Data items
--*--
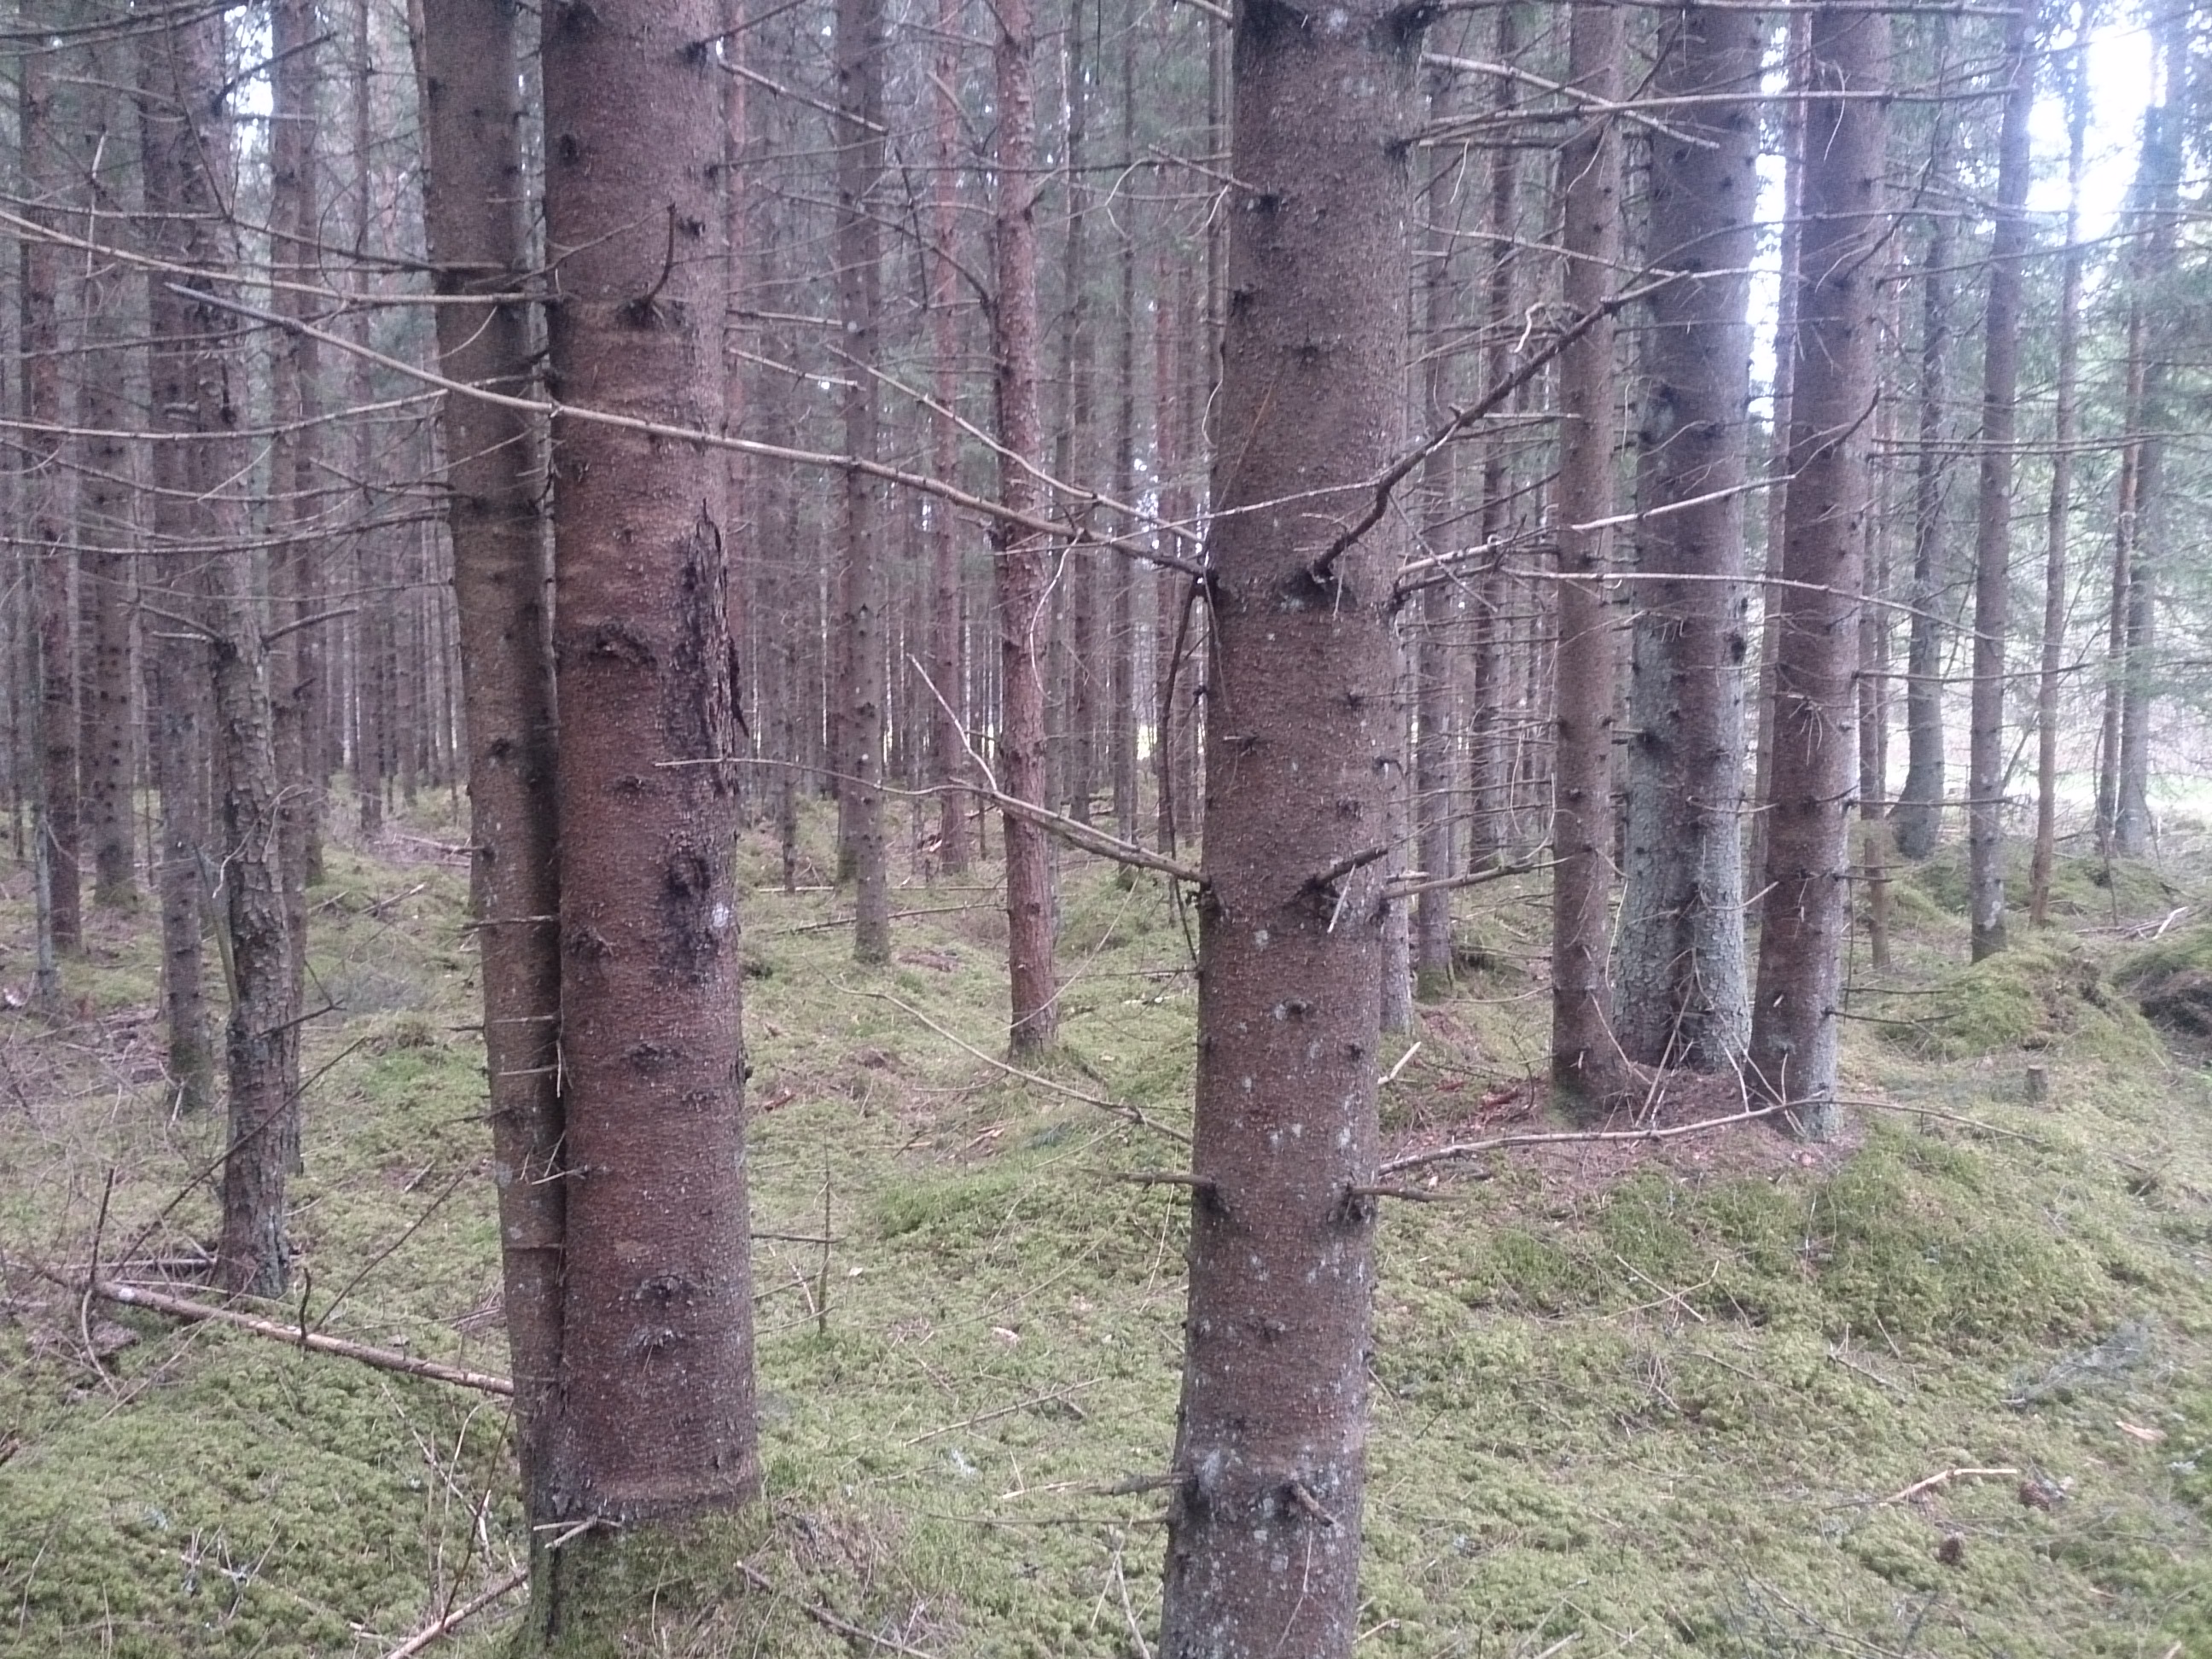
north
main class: Woodland
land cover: Spruce dominated coniferous woodland
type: hemiboreal forest and nemoral coniferous forest and mixed broadleaved-coniferous forest
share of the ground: > 75 %
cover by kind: coniferous forest trees 100 %
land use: Forestry
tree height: > 5 m
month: May
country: LV
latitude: 56.7041
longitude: 24.0835
--*--
- [Problem to solve]: Omit every picture while printing the data word for word.

- [Exercise response]:
north
main class: Woodland
land cover: Spruce dominated coniferous woodland
type: hemiboreal forest and nemoral coniferous forest and mixed broadleaved-coniferous forest
share of the ground: > 75 %
cover by kind: coniferous forest trees 100 %
land use: Forestry
tree height: > 5 m
month: May
country: LV
latitude: 56.7041
longitude: 24.0835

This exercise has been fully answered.